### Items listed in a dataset
━━━━━━━━━━━━━━━━━━━━━━━━━━━━━━

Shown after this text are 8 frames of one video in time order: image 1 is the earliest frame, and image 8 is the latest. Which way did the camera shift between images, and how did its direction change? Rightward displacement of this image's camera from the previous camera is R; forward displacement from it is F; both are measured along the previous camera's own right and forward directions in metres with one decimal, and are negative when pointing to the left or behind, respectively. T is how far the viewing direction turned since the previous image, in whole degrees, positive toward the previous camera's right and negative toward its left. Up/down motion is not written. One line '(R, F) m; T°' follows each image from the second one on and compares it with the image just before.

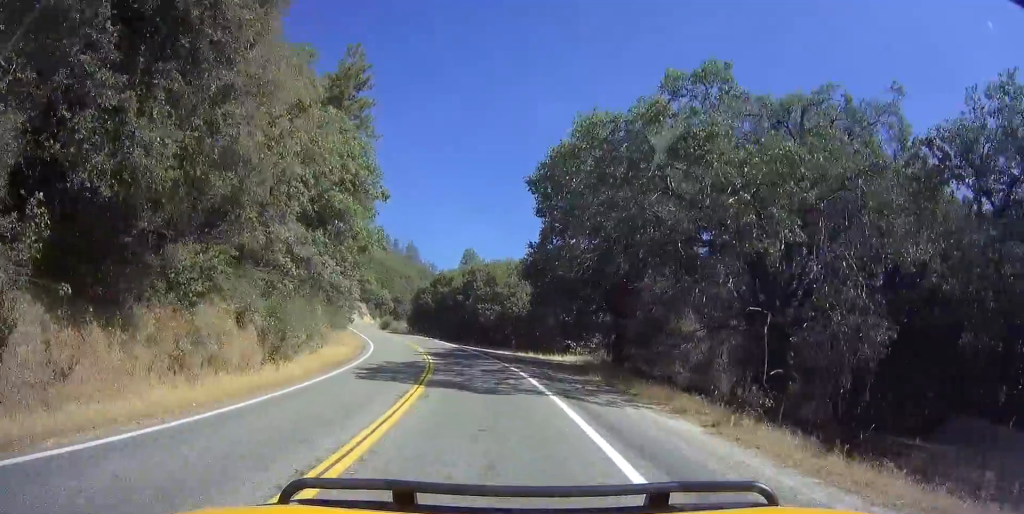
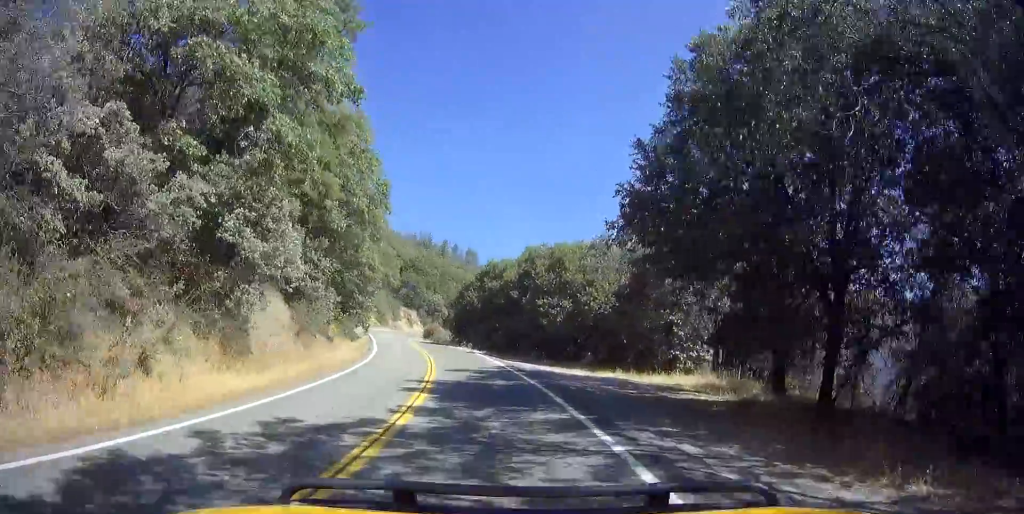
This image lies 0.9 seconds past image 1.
(-1.0, +16.2) m; -6°
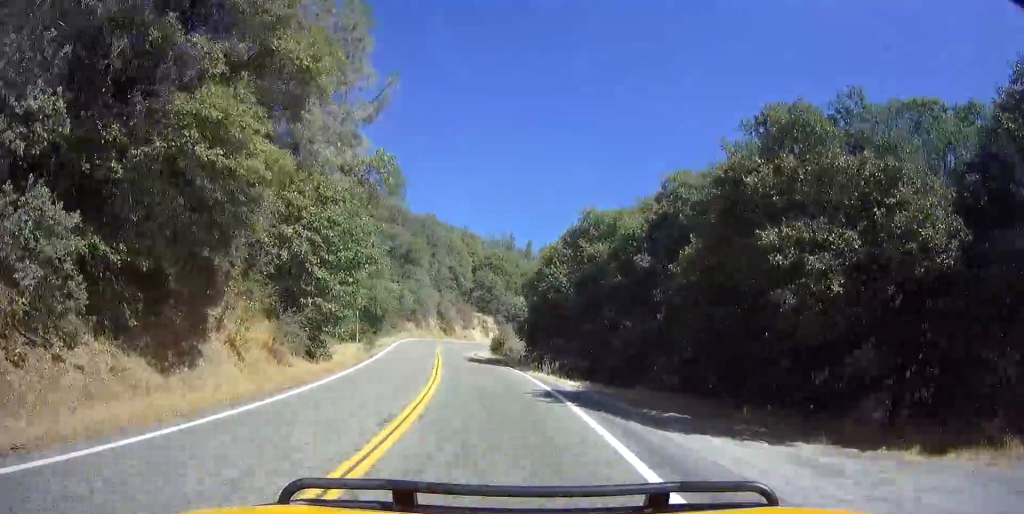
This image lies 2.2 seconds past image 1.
(-1.3, +23.3) m; -5°
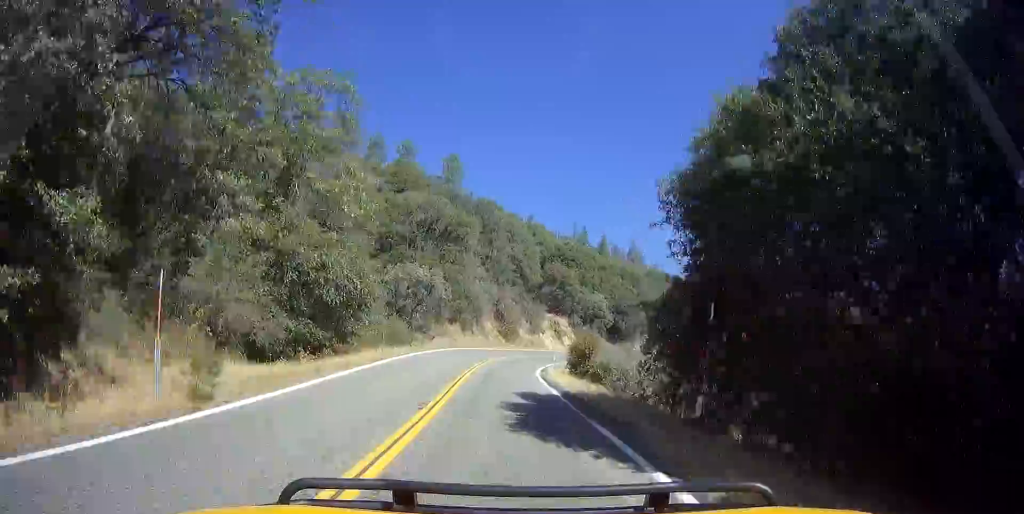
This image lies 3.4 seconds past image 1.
(-0.5, +20.7) m; 0°
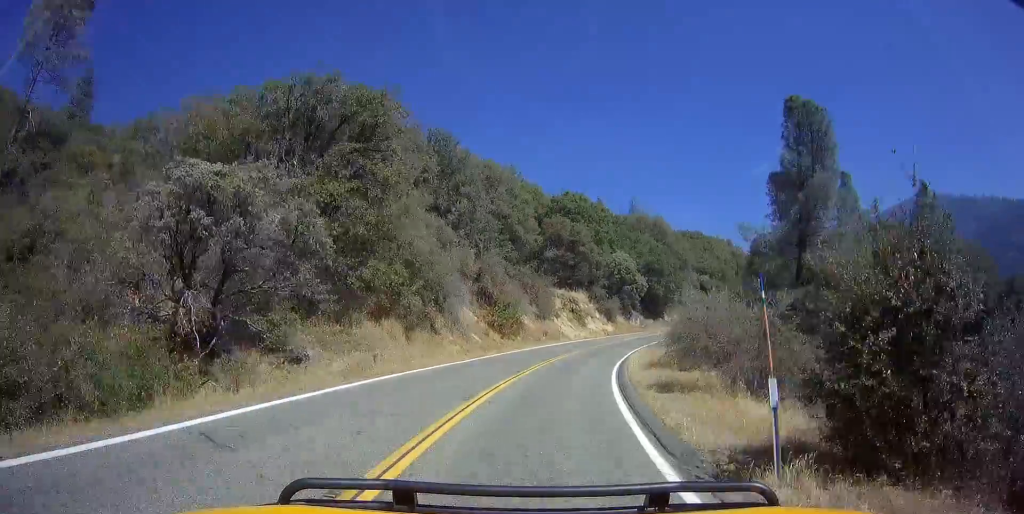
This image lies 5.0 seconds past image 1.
(+1.9, +28.0) m; +13°
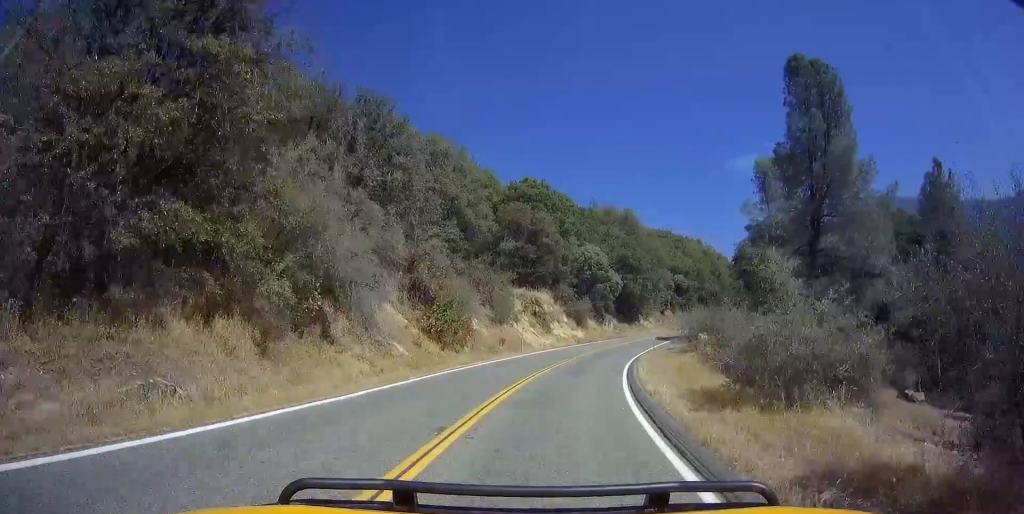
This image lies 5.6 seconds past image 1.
(+0.9, +11.1) m; +7°
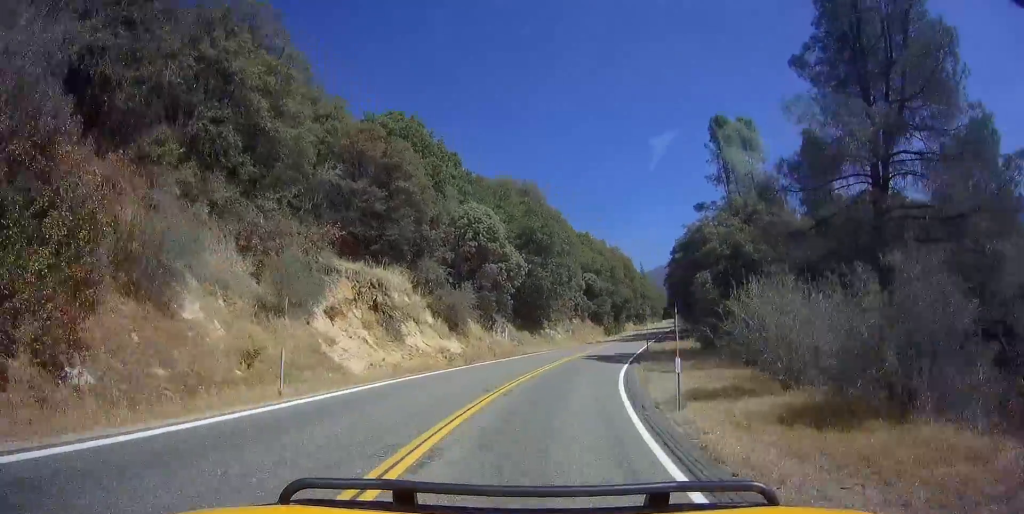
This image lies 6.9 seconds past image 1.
(+2.3, +23.1) m; +7°
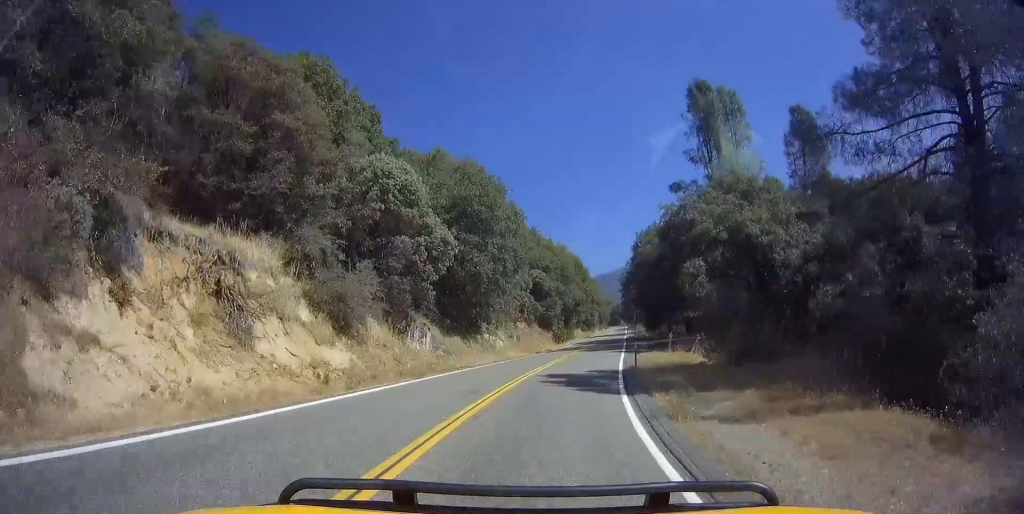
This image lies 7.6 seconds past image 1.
(+0.1, +10.7) m; 0°

━━━━━━━━━━━━━━━━━━━━━━━━━━━━━━

### Task
Above are the records. Copy exactly, and only, the lines from the line containing "This image lies 0.9 seconds past image 1." through the last one, omitting any pictures.

### Expected answer
This image lies 0.9 seconds past image 1.
(-1.0, +16.2) m; -6°
This image lies 2.2 seconds past image 1.
(-1.3, +23.3) m; -5°
This image lies 3.4 seconds past image 1.
(-0.5, +20.7) m; 0°
This image lies 5.0 seconds past image 1.
(+1.9, +28.0) m; +13°
This image lies 5.6 seconds past image 1.
(+0.9, +11.1) m; +7°
This image lies 6.9 seconds past image 1.
(+2.3, +23.1) m; +7°
This image lies 7.6 seconds past image 1.
(+0.1, +10.7) m; 0°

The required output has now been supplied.